Según expertos en el tema, China y Estados Unidos se encuentran en una competencia para liderar el mundo de la tecnología, lo que ha provocado tensiones entre ambos países. El pasado 1 de diciembre del 2018, fue detenida en Vancouver, Canadá, Meng Wanzhou, la directora financiera de Huawei e hija del fundador de dicha compañía, por supuesta violación de las sanciones de Estados Unidos contra Irán.

Huawei, es la compañía de origen chino más importante en fabricación de componentes para el desarrollo de redes móviles de quinta generación o 5G. Se espera que esta tecnología (5G) cree un nuevo ecosistema del Internet de las Cosas, satisfaciendo las necesidades de comunicación de miles de millones de dispositivos conectados a la red. Se han encontrado razones para pensar que Irán es simplemente un pretexto de Estados Unidos para frenar el desarrollo de este gigante tecnológico. Hay que tomar en cuenta que en diversas ocasiones EE. UU. ha utilizado penalizaciones comerciales y financieras con fines políticos.

Esto demuestra que las aspiraciones tecnológicas de China han despertado preocupaciones en EE. UU. En este sentido, el presidente Donald Trump ha dicho que la guerra comercial con China protegerá la dominancia estadounidense y frenará los planes de Pekín de alcanzar la supremacía económica y tecnológica – de acuerdo con el New York Times.

Por otro lado, en 2015, China aprobó un plan estratégico conocido como “Made in China 2025”, una iniciativa que busca el desarrollo de diez sectores clave de alta tecnología para modernizar su base manufacturera, por ejemplo, en el aeronáutico y robótico. Uno de los principales objetivos es que, para 2025, Pekín sea autosuficiente en un 70% en estos sectores de alta tecnología. Aunado a esto, Jun Canrong, decano asociado de la Escuela de estudio internacional de la Universidad Renmin de Pekín, manifestó que “Incluso si EE.UU. intenta bloquear el desarrollo de China, no tendrá éxito, puesto que el enorme mercado interno de China, por sí solo es suficiente para impulsar una industria madura de la IA (Inteligencia Artificial)”.

Made in China 2025” ya ha dado de qué hablar. En medio de la crisis aeronáutica generada por los accidentes aéreos del Boeing 737 Max, que los ha forzado a permanecer en tierra y a contemplar la posible cancelación de más de 5,000 unidades, China anunció a los mercados internacionales la llegada de un avión que le hará competencia, el C919 de la empresa COMAC, el cual tiene una capacidad de entre 168 y 190 pasajeros. Esta aeronave representará una alternativa a los aviones de Boeing y un nuevo competidor en el mercado aeronáutico dominado por Airbus y Boeing.

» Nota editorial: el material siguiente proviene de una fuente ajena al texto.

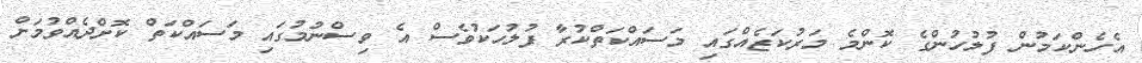
އެހެންކަމުން ފުލުހުންގެ ކޮންމެ މަރުކަޒެއްގައި މަސައްކަތްކުރާ ފުލުހަކުވެސް އެ ވިސްނުމުގައި މަސައްކަތް ކޮށްދެއްވުމަށް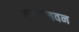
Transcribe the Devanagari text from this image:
मुधालवन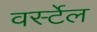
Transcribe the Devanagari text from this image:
वर्स्टेल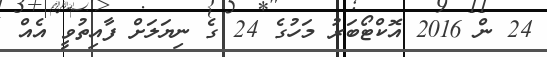
24 ން 2016 އޮކްޓޯބަރު މަހުގެ 24 ގެ ނިޔަލަށް ފާއިތުވީ އެއް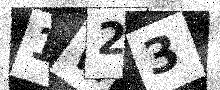
Text: 1W23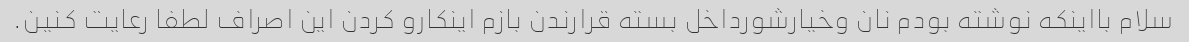
سلام بااینکه نوشته بودم نان وخیارشورداخل بسته قرارندن بازم اینکارو کردن این اصراف لطفا رعایت کنین.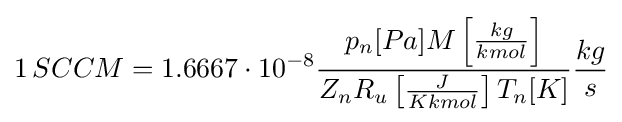
1\,SCCM=1.6667\cdot 10^{-8}{\frac {p_{n}[Pa]M\left[{\frac {kg}{kmol}}\right]}{Z_{n}R_{u}\left[{\frac {J}{Kkmol}}\right]T_{n}[K]}}{\frac {kg}{s}}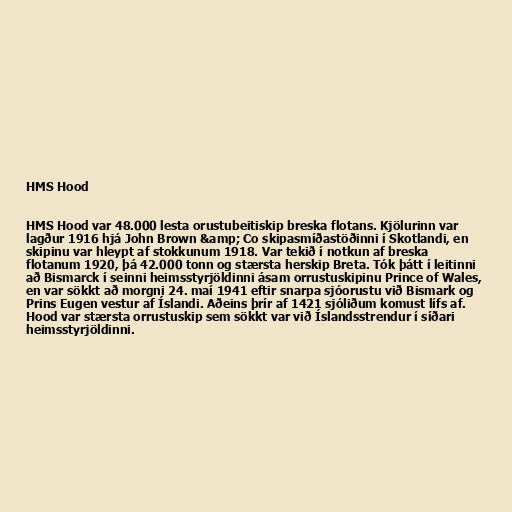
HMS Hood

HMS Hood var 48.000 lesta orustubeitiskip breska flotans. Kjölurinn var
lagður 1916 hjá John Brown &amp; Co skipasmíðastöðinni í Skotlandi, en
skipinu var hleypt af stokkunum 1918. Var tekið í notkun af breska
flotanum 1920, þá 42.000 tonn og stærsta herskip Breta. Tók þátt í leitinni
að Bismarck í seinni heimsstyrjöldinni ásam orrustuskipinu Prince of Wales,
en var sökkt að morgni 24. maí 1941 eftir snarpa sjóorustu við Bismark og
Prins Eugen vestur af Íslandi. Aðeins þrír af 1421 sjóliðum komust lífs af.
Hood var stærsta orrustuskip sem sökkt var við Íslandsstrendur í síðari
heimsstyrjöldinni.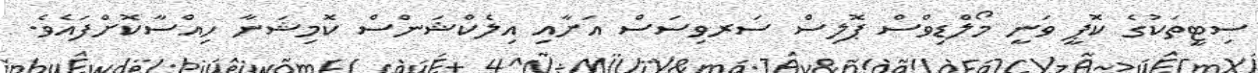
ސިޓީތަކުގެ ކޮޕީ ވަނީ މޯލްޑިވްސް ޕޮލިސް ސަރވިސަސް އަށާއި އިލެކްޝަންސް ކޮމިޝަނާ ހިއްސާކޮށްފައެވެ.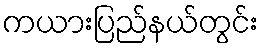
ကယားပြည်နယ်တွင်း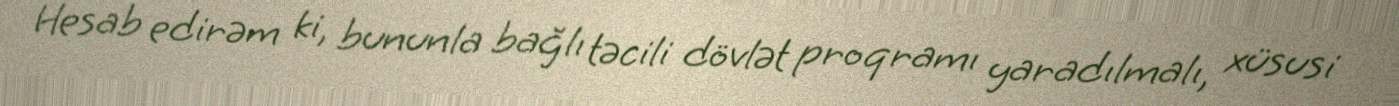
Hesab edirəm ki, bununla bağlı təcili dövlət proqramı yaradılmalı, xüsusi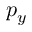
p _ { y }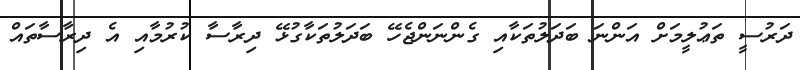
ދަރުސީ ތަޢުލީމަށް އަންނަ ބަދަލުތަކާއި ގެންނަންޖެހޭ ބަދަލުތަކާގުޅޭ ދިރާސާ ކުރުމާއި އެ ދިރާސާތައް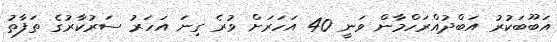
އަބޫބަކުރު އަބްދުއްރަހްމާން ވަނީ 40 އަހަރަށް ވުރެ ގިނަ އަހަރު ސަރުކާރުގެ ތަފާތު

Hasta el momento, se han solicitado 815 unidades del COMAC C919. Quienes han mostrado intereses por este avión son, principalmente, compañías locales y pequeñas compañías de países con gran dependencia de China. El COMAC C919 cuesta casi la mitad del precio de sus competidores, pero aún le hace falta mejorar su eficiencia energética, lo cual lo pone en una ligera desventaja.

Cabe mencionar que China es el principal mercado de Boeing, con el 25% de los aviones de esta compañía estadounidense. Boeing incluso cuenta con una planta de fabricación en China, y tiene alianzas estratégicas con empresas chinas que suministran sus componentes. Así, un nuevo competidor chino en el sector puede traer como consecuencia reajustes en el mercado aeronáutico asiáticos. Boeing se verá forzado a adaptarse a estos cambios. Sin embargo, derivado de la crisis generada por los accidentes de dos 737 Max, Boeing se encuentra en una situación muy delicada para comprometerse con el desarrollo de nuevas aeronaves.

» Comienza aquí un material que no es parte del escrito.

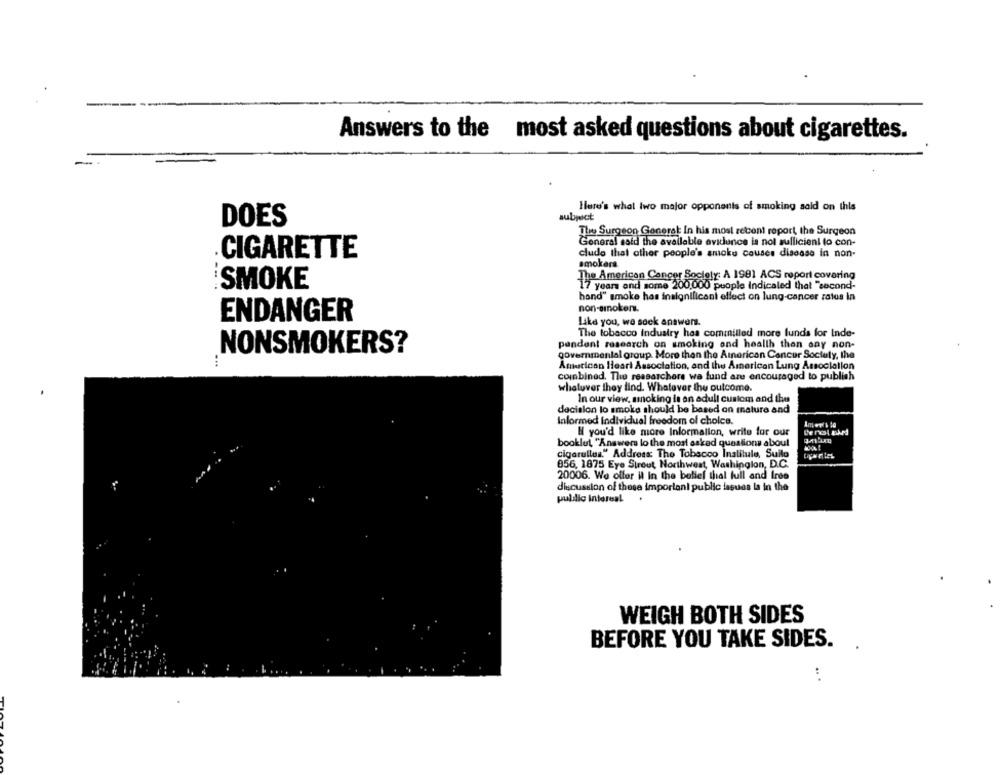
Answers to the most asked questions about cigarettes.
Here's what two major opponents of smoking said on this
subject
DOES
The Surgeon General In his most recent report the Surgeon
General said the available evidence is nol sullicien! lo con-
CIGARETTE
cludo that other people's smoke causes disease in non-
smokers
The American Cancer Society: A 1981 ACS report covering
SMOKE
17 years and some 200,000 people Indicaled that "second-
hand" smoke has insignificant effect on lung cancer ratus in
non-smokers.
ENDANGER
Like you, we soek answers.
The tobacco industry has cominilled more lunds for Inde-
NONSMOKERS?
pendant research on smoking and health than any non-
governmental group. More then the American Cancer Society, the
...
American Heart Association, and the American Lung Association
combined. The ressarchore wa fund are encouraged to publish
whatuver they find. Whatever the outcome.
In our view, smoking is an adult custom and the
decision lo smoke should be based on mature and
Informed individual freedom of choice.
H you'd like more Information, write for our
booklut "Answers lo the most asked questions about
cigarullus." Address The Tobacco Inalitule, Sullo
856, 1875 Eye Streut Northwest, Washington, D.C.
20006. We offer il in the belief thal full and free
discussion of these important public issues la in the
pulilic intereal
WEIGH BOTH SIDES
BEFORE YOU TAKE SIDES.
: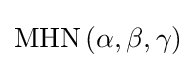
{\text{MHN}}\left(\alpha ,\beta ,\gamma \right)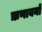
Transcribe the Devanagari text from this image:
ऋणायनों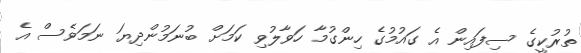
ތުރުކީގެ ސިފައިން އެ ގައުމުގެ ހިންގުމާ ހަވާލުވި ކަމަށް ބުނަމުންދިޔަ ނަމަވެސް އެ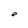
Character: e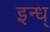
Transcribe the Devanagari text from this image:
इन्ध्‌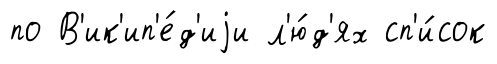
по В'ик'ип'е́д'иjи л'ю́д'ях сп'и́сок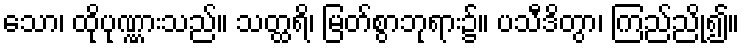
သော၊ ထိုပုဏ္ဏားသည်။ သတ္ထရိ၊ မြတ်စွာဘုရား၌။ ပသီဒိတွာ၊ ကြည်ညို၍။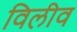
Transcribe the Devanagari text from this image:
विलीव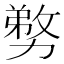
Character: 𭄽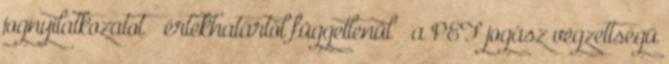
jognyilatkozatot – értékhatártól függetlenül – a PEF jogász végzettségű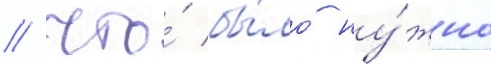
/ что́ бы́ло ну́жно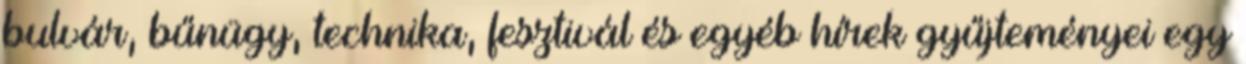
bulvár, bűnügy, technika, fesztivál és egyéb hírek gyűjteményei egy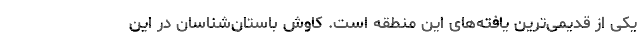
یکی از قدیمی‌ترین یافته‌های این منطقه است. کاوش باستان‌شناسان در این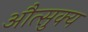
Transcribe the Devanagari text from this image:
औत्सुक्‍य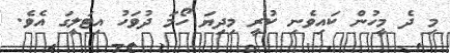
މި ދެ މީހުން ކައިވެނި ކުރީ މިދިޔަ ހޯމަ ދުވަހު އިޓަލީގަ އެވެ.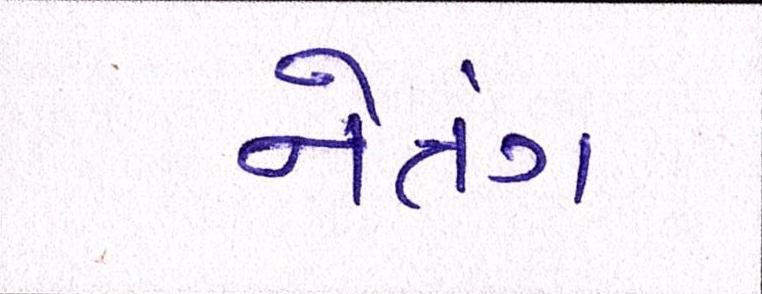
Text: નેત્રંગ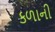
કળાની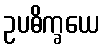
ဥပဓိက္ခယေ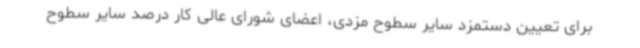
برای تعیین دستمزد سایر سطوح مزدی، اعضای شورای عالی کار درصد سایر سطوح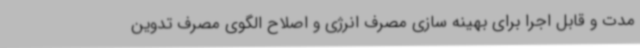
مدت و قابل اجرا برای بهینه سازی مصرف انرژی و اصلاح الگوی مصرف تدوین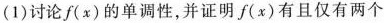
(1)讨论f(x)的单调性，并证明f(x)有且仅有两个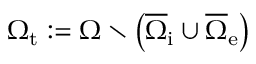
\Omega _ { \mathrm { t } } : = \Omega \setminus \left( \overline { { \Omega } } _ { \mathrm { i } } \cup \overline { { \Omega } } _ { \mathrm { e } } \right)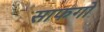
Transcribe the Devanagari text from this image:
साफगो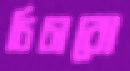
চিচারো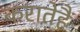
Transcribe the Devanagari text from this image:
करातेहैं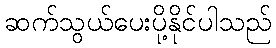
ဆက်သွယ်ပေးပို့နိုင်ပါသည်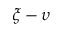
\xi - \upsilon

Esta situación beneficia a China para imponer medidas recíprocas contra Estados unidos por el caso Huawei. China fue el primer país en ordenar a sus aerolíneas la suspensión de vuelos de los aviones Boeing 737 Max. Además, actualmente se están llevando a cabo negociaciones para alcanzar un acuerdo comercial entre China y Estados Unidos. Uno de los puntos en discusión es la exportación de aviones Boeing 737 Max al país asiático. Así, queda en China, vista la crisis ocasionada por estos aviones, cómo proseguir con las pláticas, y que posición tomar para verse beneficiados.

Sin duda alguna, China ha dado mucho de qué hablar. Por un lado, el caso Huawei expone las preocupaciones del gobierno de EE. UU. por el ascenso chino en materia tecnológica, lo que podría arrebatarles su liderazgo. Por el otro, China ha sido clara en sus intenciones de liderear el sector de la tecnología mundial y la llegada del COMAC C919 lo acerca más a su objetivo.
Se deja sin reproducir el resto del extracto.